The Company undertakes to provide the Employer with sufficient
information to enable the Employer to comply with the above reporting
requirements.
g. The arrangements for the payment of Primary and Secondary Contributions
(where due) by the Optionee shall apply whether the Optionee has ceased
employment or has left the UK.
4.6 Issuance of Shares. Provided that the Exercise Agreement and
------------------
payment are in form and substance satisfactory to counsel for the Company, the
Company shall issue the Shares registered in the name of Optionee, Optionee's
authorized assignee, or Optionee's legal representative, and shall deliver
certificates representing the Shares with the appropriate legends affixed
thereto.
5. Compliance with Laws and Regulations. The exercise of the Option
------------------------------------
and the issuance and transfer of Shares shall be subject to compliance by the
Company and Optionee with all applicable requirements of federal, state and
local securities laws and with all applicable requirements of any stock exchange
on which the Company's Common Stock may be listed at the time of such issuance
or transfer. Optionee understands that the Company is under no obligation to
register or qualify the Shares with the United States Securities and Exchange
Commission ("SEC"), any state securities commission or any stock exchange to
effect such compliance.
6. Nontransferability of Option. Except as otherwise set forth in
----------------------------
Section 11 of the Plan, the Option may not be transferred in any manner other
than by will or by the laws of descent and distribution and may be exercised
during the lifetime of Optionee only by Optionee. The terms of the Option shall
be binding upon the executors, administrators, successors and assigns of
Optionee.
7. Tax Consequences. A brief summary as of the date the Board
----------------
adopted the Plan of some of the tax consequences of grant, vesting and exercise
of the Option and disposition of the Shares is provided as an addendum to this
Agreement. THIS SUMMARY IS NECESSARILY INCOMPLETE, AND THE TAX LAWS AND
REGULATIONS ARE SUBJECT TO CHANGE. OPTIONEE SHOULD CONSULT A TAX ADVISOR BEFORE
EXERCISING THE OPTION OR DISPOSING OF THE SHARES.

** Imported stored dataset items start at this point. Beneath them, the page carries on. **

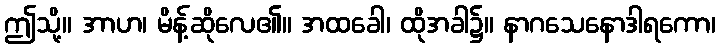
ဤသို့။ အာဟ၊ မိန့်ဆိုလေ၏။ အထခေါ၊ ထိုအခါ၌။ နာဂသေနောဒါရကော၊
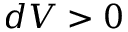
d V > 0
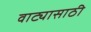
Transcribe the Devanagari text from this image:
वाट्यासाठी
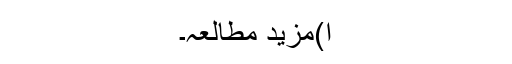
ا)مزید مطالعہ۔
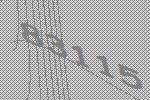
83115
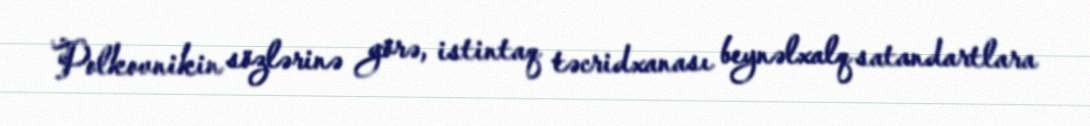
Polkovnikin sözlərinə görə, istintaq təcridxanası beynəlxalq satandartlara
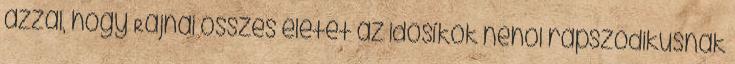
azzal, hogy Rajnai összes életét az idősíkok néhol rapszodikusnak
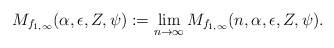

8. Privileges of Stock Ownership. Optionee shall not have any of the
-----------------------------
rights of a stockholder with respect to any Shares until the Shares are issued
to Optionee.
9. Interpretation. Any dispute regarding the interpretation of this
--------------
Agreement shall be submitted by Optionee or the Company to the Committee for
review. The resolution of such a dispute by the Committee shall be final and
binding on the Company and Optionee.
10. Entire Agreement. The Plan is incorporated herein by reference.
----------------
This Agreement, the Notice of Grant, the Plan and the Exercise Agreement
constitute the entire agreement and understanding of the parties hereto with
respect to the subject matter hereof and supersede all prior understandings and
agreements with respect to such subject matter.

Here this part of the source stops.